Сергачев не слышал его комментариев, он стоял на сиденье, гордо потрясая трезубцем и скаля зубы в сторону трибуны… Потом уселся и, чертыхаясь, достал починенную кое-как монолыжу.
На пляже гремел оркестр. Из динамиков лился бодрый марш Дунаевского, под который шагают по Москве колонны демонстрантов в кинофильме «Весна». На помосте, возвышающемся за крышей бара, в полной готовности стоял ансамбль «Радуга» — все в парчовых серебряных костюмах, как космонавты. Расположенная чуть ниже трибуна для гостей, образованная рядом сплошь сдвинутых кресел и чайных столиков, тоже производила солидное впечатление. Здесь уже сидели человек восемь ответственных товарищей из вышестоящих инстанций. Одеты все были по-летнему, но без излишней распущенности: мужчины в сорочках с короткими рукавами и при галстуках, дамы из горкома и исполкома — как на подбор полные, в свежезалаченных «халах», в кримпленовых платьях строгой расцветки.
Все остальные, толпящиеся, вопящие, жующие, орущие, валяющиеся на лежаках, — тихий ужас. Полуголые, обвешанные кое-как пальмовыми листьями, простынями, полотенцами и наверняка что-то уже принявшие на грудь, преисполненные серьезных намерений превратить культурное мероприятие в разнузданную гулянку. Начальственные взгляды стыдливо избегали толпы. Распоясались бы так свои, отечественные недоумки, на них управу бы нашли быстро. А здесь — дело тонкое: проявляя либерализм и терпимость к молодежным настроениям, суметь удержать их в рамках благопристойности.
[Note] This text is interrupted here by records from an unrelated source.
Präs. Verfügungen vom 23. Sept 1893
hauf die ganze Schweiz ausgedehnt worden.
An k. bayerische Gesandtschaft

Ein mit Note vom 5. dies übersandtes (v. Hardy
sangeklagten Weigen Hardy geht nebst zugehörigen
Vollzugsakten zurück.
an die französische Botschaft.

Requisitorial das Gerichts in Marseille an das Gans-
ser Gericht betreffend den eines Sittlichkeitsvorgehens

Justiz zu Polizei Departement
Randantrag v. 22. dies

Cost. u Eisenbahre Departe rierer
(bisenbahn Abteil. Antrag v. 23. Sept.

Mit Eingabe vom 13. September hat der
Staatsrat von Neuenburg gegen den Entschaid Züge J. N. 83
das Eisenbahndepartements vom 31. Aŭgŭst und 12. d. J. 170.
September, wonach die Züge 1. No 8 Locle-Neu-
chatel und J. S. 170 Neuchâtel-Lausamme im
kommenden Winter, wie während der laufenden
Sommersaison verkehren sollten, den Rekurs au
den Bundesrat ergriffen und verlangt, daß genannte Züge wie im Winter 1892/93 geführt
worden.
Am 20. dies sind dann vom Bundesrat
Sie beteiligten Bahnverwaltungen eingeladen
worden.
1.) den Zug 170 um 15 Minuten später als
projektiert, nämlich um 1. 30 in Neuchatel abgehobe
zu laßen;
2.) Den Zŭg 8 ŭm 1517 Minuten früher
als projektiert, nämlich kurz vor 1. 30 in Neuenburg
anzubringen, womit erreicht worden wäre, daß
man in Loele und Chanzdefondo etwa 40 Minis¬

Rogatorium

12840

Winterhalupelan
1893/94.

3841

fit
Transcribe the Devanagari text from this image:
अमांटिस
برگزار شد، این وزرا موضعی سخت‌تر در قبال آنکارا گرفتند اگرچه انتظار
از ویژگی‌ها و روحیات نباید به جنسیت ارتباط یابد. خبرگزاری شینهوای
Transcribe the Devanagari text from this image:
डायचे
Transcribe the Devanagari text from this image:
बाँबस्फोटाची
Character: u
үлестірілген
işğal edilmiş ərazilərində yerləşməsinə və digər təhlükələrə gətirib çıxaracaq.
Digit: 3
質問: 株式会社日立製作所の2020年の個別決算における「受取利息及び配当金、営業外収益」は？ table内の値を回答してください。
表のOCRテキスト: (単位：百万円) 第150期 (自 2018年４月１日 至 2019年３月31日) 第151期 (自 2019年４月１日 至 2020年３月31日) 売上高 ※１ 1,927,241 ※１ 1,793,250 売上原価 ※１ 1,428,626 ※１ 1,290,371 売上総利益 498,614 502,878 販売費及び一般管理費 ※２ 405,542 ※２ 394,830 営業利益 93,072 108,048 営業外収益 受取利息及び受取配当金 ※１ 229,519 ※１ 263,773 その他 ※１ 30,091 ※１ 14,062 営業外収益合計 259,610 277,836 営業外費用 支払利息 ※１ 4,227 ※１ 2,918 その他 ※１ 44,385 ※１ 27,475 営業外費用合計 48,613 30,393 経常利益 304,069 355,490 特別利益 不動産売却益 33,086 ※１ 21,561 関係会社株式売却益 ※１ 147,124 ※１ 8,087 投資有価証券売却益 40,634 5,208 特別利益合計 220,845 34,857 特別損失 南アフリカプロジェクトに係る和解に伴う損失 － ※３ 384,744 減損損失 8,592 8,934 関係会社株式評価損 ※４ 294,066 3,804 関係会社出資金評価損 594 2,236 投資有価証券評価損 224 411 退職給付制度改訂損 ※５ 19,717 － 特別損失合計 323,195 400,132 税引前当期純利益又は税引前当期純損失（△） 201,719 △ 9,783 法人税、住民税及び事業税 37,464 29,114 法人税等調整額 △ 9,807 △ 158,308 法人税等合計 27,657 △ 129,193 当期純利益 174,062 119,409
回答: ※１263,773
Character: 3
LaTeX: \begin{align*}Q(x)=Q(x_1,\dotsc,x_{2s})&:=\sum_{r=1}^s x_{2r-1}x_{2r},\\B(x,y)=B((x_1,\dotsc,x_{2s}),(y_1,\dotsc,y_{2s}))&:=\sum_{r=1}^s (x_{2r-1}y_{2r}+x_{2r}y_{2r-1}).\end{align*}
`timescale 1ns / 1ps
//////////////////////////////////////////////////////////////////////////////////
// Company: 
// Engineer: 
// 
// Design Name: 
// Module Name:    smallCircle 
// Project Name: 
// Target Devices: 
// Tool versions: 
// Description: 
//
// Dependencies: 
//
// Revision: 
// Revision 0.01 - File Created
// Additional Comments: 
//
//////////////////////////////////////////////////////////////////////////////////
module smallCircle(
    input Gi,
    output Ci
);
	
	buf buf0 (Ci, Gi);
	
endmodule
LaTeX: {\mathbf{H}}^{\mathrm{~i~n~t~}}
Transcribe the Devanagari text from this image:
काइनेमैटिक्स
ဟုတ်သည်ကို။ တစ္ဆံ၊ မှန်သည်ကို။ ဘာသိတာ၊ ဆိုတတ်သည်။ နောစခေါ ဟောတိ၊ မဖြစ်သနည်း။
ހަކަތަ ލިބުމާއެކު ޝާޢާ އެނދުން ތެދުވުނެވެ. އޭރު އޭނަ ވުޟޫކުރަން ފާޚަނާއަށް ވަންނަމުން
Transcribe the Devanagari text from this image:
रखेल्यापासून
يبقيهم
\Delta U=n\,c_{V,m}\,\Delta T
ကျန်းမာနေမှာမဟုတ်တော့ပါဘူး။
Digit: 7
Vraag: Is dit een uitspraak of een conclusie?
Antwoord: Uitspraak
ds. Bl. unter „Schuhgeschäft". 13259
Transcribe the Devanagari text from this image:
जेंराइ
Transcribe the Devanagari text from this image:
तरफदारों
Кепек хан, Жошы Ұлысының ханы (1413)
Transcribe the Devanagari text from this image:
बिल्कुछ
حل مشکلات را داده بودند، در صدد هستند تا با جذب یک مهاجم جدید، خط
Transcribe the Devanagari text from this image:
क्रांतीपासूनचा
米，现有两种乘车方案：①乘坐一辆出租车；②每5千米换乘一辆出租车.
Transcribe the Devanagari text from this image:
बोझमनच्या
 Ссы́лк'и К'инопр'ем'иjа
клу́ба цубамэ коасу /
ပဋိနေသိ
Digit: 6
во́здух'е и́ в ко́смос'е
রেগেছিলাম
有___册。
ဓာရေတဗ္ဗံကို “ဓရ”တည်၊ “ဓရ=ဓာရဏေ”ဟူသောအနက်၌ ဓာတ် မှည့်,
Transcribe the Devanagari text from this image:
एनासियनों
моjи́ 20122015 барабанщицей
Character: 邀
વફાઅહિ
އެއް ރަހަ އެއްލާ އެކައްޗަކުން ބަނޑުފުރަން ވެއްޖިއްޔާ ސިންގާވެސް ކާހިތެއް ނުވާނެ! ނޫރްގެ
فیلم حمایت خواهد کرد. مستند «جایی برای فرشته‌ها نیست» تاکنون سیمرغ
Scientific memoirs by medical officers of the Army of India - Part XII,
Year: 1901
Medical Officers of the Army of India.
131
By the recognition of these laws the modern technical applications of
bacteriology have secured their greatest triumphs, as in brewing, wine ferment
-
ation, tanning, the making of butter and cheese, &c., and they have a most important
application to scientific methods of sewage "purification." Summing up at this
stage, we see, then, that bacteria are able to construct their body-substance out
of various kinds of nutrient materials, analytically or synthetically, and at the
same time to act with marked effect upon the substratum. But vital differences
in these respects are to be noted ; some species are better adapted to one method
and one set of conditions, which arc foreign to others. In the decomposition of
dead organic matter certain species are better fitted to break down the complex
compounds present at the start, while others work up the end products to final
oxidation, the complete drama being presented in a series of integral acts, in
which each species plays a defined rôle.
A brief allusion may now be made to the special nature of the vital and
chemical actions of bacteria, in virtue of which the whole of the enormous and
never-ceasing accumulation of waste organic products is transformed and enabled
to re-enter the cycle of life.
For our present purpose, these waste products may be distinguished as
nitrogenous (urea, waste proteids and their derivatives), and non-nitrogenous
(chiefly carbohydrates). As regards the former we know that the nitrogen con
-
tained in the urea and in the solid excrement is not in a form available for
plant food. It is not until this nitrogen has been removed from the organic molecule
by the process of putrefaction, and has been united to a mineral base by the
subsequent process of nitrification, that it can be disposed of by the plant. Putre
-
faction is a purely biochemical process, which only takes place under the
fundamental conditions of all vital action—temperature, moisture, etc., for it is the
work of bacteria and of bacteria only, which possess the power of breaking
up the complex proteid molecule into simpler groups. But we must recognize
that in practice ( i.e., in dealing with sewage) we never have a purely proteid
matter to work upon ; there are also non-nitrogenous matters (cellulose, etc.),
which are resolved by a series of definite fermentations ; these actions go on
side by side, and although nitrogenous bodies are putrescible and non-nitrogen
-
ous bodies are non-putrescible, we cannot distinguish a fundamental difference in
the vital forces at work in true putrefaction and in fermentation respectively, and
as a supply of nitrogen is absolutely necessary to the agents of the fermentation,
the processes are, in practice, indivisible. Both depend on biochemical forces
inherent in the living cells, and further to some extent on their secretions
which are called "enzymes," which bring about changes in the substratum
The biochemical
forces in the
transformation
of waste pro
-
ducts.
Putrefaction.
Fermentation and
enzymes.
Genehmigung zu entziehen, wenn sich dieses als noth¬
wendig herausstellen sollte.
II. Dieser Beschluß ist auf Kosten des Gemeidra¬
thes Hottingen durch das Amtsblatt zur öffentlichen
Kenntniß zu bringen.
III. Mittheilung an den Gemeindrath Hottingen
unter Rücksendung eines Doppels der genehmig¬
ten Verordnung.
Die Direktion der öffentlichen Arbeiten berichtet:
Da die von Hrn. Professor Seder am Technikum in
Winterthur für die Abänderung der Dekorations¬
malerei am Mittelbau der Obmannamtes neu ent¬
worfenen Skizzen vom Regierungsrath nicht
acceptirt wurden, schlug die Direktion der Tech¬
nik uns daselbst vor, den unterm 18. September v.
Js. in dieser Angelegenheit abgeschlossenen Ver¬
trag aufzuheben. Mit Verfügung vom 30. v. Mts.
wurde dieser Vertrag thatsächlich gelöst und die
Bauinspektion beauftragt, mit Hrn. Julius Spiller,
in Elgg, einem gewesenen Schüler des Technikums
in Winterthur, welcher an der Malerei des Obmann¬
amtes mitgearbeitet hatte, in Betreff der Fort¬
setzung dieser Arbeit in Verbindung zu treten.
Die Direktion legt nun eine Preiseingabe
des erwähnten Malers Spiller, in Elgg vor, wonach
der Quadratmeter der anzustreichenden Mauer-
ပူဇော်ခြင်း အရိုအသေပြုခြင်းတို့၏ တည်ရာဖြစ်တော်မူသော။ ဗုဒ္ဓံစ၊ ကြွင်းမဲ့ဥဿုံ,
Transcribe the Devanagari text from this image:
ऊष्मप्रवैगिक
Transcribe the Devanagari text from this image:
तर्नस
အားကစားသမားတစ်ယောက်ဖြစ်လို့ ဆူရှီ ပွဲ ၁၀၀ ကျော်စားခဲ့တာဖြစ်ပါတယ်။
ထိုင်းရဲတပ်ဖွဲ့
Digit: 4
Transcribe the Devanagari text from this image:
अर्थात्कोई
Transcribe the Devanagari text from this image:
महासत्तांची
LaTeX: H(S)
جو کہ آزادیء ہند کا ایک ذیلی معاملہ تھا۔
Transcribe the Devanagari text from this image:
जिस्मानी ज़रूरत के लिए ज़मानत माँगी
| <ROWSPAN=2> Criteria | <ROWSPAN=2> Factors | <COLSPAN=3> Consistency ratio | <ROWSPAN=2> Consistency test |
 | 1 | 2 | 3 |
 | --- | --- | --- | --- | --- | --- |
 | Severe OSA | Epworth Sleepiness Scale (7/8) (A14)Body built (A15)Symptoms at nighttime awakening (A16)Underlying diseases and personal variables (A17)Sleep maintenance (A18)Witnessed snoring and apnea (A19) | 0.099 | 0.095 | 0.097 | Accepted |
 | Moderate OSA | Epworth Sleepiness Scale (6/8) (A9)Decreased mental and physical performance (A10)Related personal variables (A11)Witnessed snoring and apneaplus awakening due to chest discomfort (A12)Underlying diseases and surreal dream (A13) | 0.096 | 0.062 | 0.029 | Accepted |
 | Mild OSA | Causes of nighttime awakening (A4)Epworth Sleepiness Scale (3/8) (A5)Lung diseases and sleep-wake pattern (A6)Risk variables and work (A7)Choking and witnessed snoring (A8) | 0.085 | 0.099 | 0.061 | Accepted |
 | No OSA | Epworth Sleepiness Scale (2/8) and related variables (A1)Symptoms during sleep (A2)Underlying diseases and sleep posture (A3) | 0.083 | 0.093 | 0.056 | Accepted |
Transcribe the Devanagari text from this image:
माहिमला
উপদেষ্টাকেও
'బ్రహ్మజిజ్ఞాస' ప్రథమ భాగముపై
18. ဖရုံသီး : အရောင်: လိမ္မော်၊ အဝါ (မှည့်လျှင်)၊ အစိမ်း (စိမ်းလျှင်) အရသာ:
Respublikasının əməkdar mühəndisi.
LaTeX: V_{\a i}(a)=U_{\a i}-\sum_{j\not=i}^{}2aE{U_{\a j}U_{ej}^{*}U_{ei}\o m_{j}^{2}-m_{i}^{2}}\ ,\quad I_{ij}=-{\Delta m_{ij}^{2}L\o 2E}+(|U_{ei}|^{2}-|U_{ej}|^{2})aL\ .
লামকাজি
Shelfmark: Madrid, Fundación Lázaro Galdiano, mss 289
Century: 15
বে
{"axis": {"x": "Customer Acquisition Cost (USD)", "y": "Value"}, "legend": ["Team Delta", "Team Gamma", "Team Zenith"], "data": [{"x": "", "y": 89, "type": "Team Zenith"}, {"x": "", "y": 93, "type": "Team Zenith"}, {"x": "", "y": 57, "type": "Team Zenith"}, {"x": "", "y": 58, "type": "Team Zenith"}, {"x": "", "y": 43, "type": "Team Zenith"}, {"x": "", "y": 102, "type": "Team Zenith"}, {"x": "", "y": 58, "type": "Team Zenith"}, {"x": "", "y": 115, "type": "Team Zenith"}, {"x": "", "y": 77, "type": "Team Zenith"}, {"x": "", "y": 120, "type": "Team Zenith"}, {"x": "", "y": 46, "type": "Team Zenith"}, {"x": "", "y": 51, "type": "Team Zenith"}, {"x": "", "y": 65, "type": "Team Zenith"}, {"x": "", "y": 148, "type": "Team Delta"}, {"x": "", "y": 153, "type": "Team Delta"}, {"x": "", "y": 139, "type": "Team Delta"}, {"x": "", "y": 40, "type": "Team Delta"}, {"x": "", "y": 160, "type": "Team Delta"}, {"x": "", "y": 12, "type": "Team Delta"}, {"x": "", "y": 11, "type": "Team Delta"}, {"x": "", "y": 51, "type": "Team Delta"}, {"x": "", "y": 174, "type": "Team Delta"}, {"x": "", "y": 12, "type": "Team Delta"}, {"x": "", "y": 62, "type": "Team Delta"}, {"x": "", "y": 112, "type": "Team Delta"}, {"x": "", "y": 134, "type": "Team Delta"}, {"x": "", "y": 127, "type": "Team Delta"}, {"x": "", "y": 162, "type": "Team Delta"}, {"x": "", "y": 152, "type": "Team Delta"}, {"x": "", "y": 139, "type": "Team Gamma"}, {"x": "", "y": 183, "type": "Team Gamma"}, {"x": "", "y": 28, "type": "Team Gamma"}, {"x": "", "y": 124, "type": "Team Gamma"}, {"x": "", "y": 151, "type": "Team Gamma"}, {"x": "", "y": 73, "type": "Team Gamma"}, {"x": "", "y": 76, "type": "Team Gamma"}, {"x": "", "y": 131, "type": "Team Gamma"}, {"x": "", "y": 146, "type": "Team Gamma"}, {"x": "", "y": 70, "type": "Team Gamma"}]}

Команде «чертей» и «русалок» из состава собственных служащих пищеблока и спорткомплекса предстояло справиться с серьезной задачей. Они, конечно, станут бузить, создавая видимость бешеного карнавала, но сумеют приглушить нежелательные эксцессы. Вроде как тайная полиция нравов. Если кто уж слишком расслабится на глазах общественности, того уволокут с гиканьем и хорошенько остудят под душем или применят «высшую меру». Для этого на пляже уже приготовлены две огромные бочки с грязью (глину комсомольские вожаки мешали с водой всю ночь) и ящики «игристого». Имеются и две колоды пластиковых бутафорных карт — ими «черти» и «пираты» будут играть на животах плененных дам.
Юрий Кузьмич Федоренко, потея от напряжения, объяснял традиции праздника прибывшему с Паламарчуком иностранцу. Американский коммунист оказался белым, достаточно зрелым крепышом, проявившим интерес к происходящему. Он даже кое-что кумекал по-русски, восполняя недостаток понимания жестами и эмоциональными выкриками «Вери вел! Хрошье!». Но как постоянный собеседник никуда не годился.
— Товарищ Келвин, позвольте познакомить вас с гостьей из солнечной Болгарии. Королева красоты этого года. — Сообразительный Федоренко счел такое знакомство взаимовыгодным. Пусть американцы знают, что и в соцлагере проводятся конкурсы на лучшую девушку. А уж сама девушка даст ихним десять очков форы.
Снежина, конечно, имела эффектные тряпочки на случай бального торжества. Может, ее костюм и нес какую-то смысловую нагрузку, но не навязчиво. Ясно было одно — королева и есть королева. Золотое узкое платье в пол из обтягивающего трикотажа услаждало взор. Сверкающая корона на высоко поднятых смоляных кудрях и килограмм бижутерии — даже на щиколотках обутых в узкие «лодочки» ног браслеты выглядели вполне уместно. Рядом с королевой, целясь вокруг маленькой камерой, маячил фотограф. Келвин ловко поцеловал руку девушки и усадил ее рядом. Беседа перешла на оживленный английский.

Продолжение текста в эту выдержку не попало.